C’est en 2016 que la Fondation Gilbert Albert a offert au MAH un ensemble de joyaux reflétant la carrière du grand homme, décédé à 89 ans en 2019. Sa trajectoire en version haut de gamme. C’est bien et pas bien à la fois. L’artiste avait en effet su se muer en industriel. Issu d’un milieu modeste, il voulait que toutes les femmes puissent  acheter dans son magasin une bague ou une petite broche. D’où ce qu’on aurait appelé ailleurs un rayon boutique, bien éloigné des pièces uniques créées parallèlement dans les ateliers. Cette vulgarisation, voulue sociale, n’a pas été sans faire du tort à la maison, qui avait essaimé après l’ouverture du grand magasin de la Corraterie en 1973 à l’aéroport de Cointrin, dans la Bahnhofstrasse zurichoise, à Dubaï ou en face de l’Elysée à Paris. Il existe un peu trop de créations simplifiées de ce virtuose, dont l’inspiration s’est de plus figée après les années1970. Gilbert Albert s’est alors mis à faire du Gilbert Albert. L’amateur reconnaissait par la suite un peu trop vite la marque, devenue une simple image.

Débuts horlogers

Mais peut-être faudrait-il brosser maintenant le portrait de l’homme, qui ne forme plus une vedette locale pour les gens de moins de 50 ans. Gilbert naît à Genève en 1930. Dès 1945, il suit les cours de l’Ecole d’Arts industriels. L’adolescent se révèle vite un brillant sujet. L’apprentissage à la suisse constitue une forme de méritocratie. A 25 ans, l’homme devient chef d’atelier chez Patek Philippe. Une consécration, après avoir passé chez Gallopin. Son domaine reste l’habillage de la montre de dame, qui se veut toujours davantage un bijou. Le débutant invente des modèles asymétriques. Une hérésie qui séduit. Puis il lance les Cobra, où l’heure se lit à l’horizontale. Le salarié commence ainsi à enchaîner ainsi les succès, toujours récompensés. Dans sa vie, Gilbert Albert ne remportera pas moins de dix Diamonds International Awards, ce qui en fait une sorte de Roger Federer de la tocante.

Deux masques de Gibert Albert. Photo Succession Gilbert Albert, MAH, Genève 2020.
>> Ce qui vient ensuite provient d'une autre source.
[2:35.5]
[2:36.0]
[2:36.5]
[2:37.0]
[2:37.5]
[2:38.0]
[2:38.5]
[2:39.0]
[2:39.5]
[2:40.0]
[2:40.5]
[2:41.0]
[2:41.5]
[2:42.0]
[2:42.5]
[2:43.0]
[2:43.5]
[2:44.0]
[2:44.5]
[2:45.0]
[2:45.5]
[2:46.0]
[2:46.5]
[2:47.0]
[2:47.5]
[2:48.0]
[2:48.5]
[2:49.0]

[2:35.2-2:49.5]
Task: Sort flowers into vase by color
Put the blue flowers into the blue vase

En 1962, l’homme à succès ouvre son atelier, qui va rapidement prospérer. Il s’agit alors d’un puissant innovateur, désormais centré sur le bijou. Gilbert Albert marie l’or, apparemment laissé brut comme des pépites, à toutes sortes de matériaux inédits dans ce domaine. Il inclut tous les produits de la nature non pas en reproduction, comme pendant la période Art Nouveau, mais en vrai. Les élégantes (on s’habille encore beaucoup à l’époque) se retrouvent avec des scarabées, des cristaux, des coraux ou des bouts d’os de dinosaures. C’est la ruée. Le joaillier arrivé peut jouer les grands seigneurs, offrant des feux d’artifice aux Genevois. Cette munificence tient aussi de la revanche sociale. Le public le sentira bien quand le succès ira déclinant. Gilbert, qu’Olivier Fatio déclare avec tout son aplomb d’ancien doyen de la Faculté de théologie «grande gueule» dans le film d’accompagnement, se fera alors nombre d’ennemis à coup de rancœurs. Il faut dire que la fin de son activité se sera révélée lamentable. Tragique. Tout a capoté après l’association du Genevois avec le financier iranien Majid Pishyar.
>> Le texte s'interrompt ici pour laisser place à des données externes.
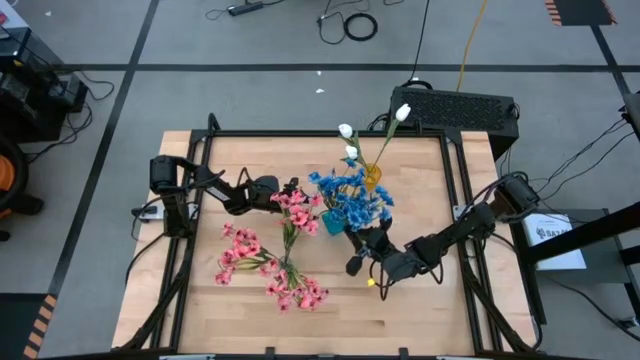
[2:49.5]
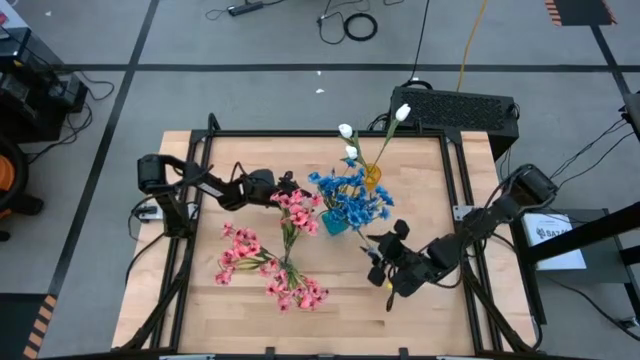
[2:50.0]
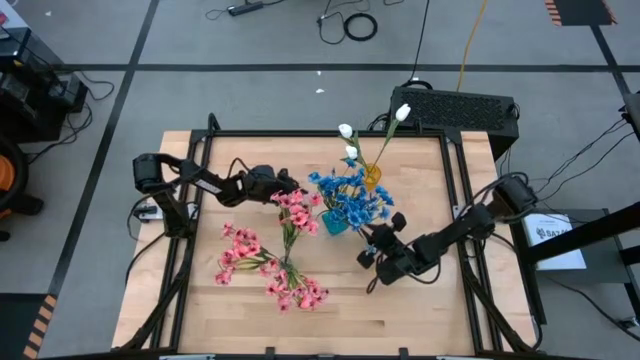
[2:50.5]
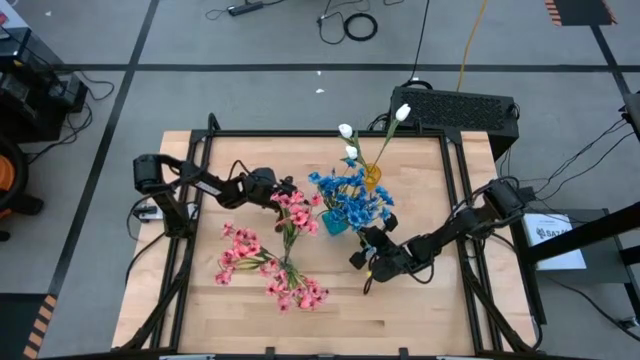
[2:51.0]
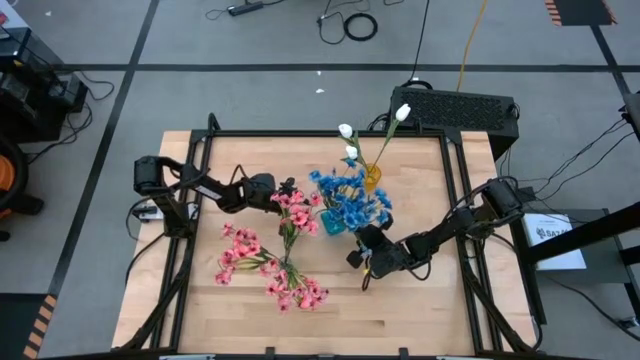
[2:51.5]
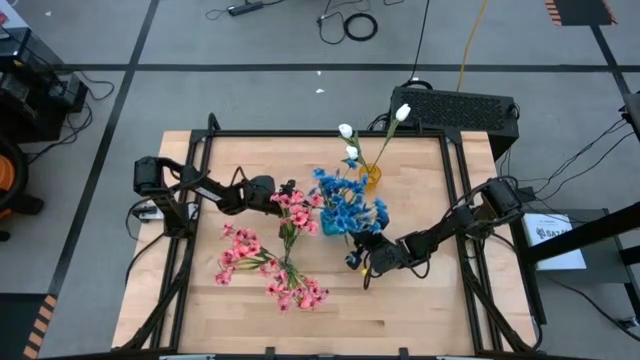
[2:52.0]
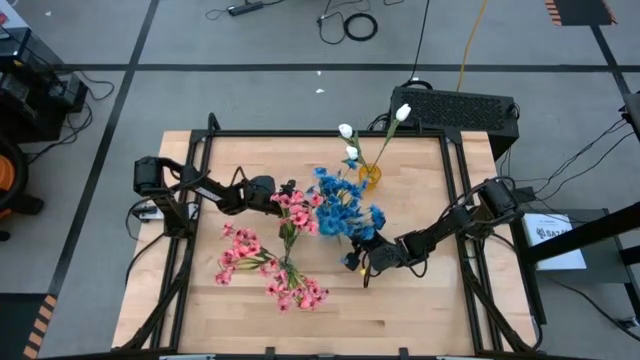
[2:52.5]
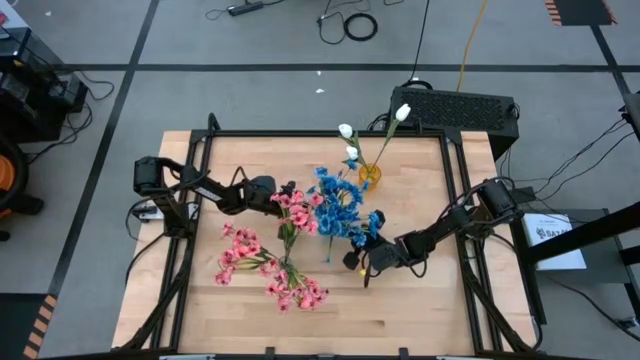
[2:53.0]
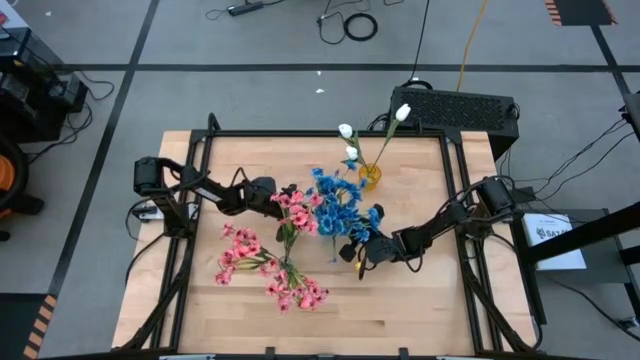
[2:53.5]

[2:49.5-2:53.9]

Vitrines vertes en hommage à la nature

C’est donc aussi une existence que raconte aussi l’exposition montée par Estelle Fallet, conservatrice en chef du Département histoire du MAH, dont font partie l’horlogerie, l’émaillerie et la bijouterie (qui correspondent à la Fabrique genevoise de l’Ancien Régime). Il est permis de penser que l'itinéraire prévu aurait pu se révéler plus complet. S’il comprend des pièces de comparaison anciennes et modernes, dont certaines ont été offertes au fil du temps par Gilbert Albert, manquent ainsi le début et la fin. Il eut fallu les travaux pour Gallopin et Patek. Plus, comme je l’ai dit, un petit reflet de la production populaire. En gros, sortir de l’image que le maître a voulu donner de lui-même. Gilbert Albert se montrait très fort pour proposer sa propre hagiographie. Le monsieur ne supportait du reste pas la moindre critique, voire la plus faible réserve.

Le vernissage avec le directeur du MAH Marc-Olivier Wahler et la veuve de l'artiste. Photo Tribune de Genève.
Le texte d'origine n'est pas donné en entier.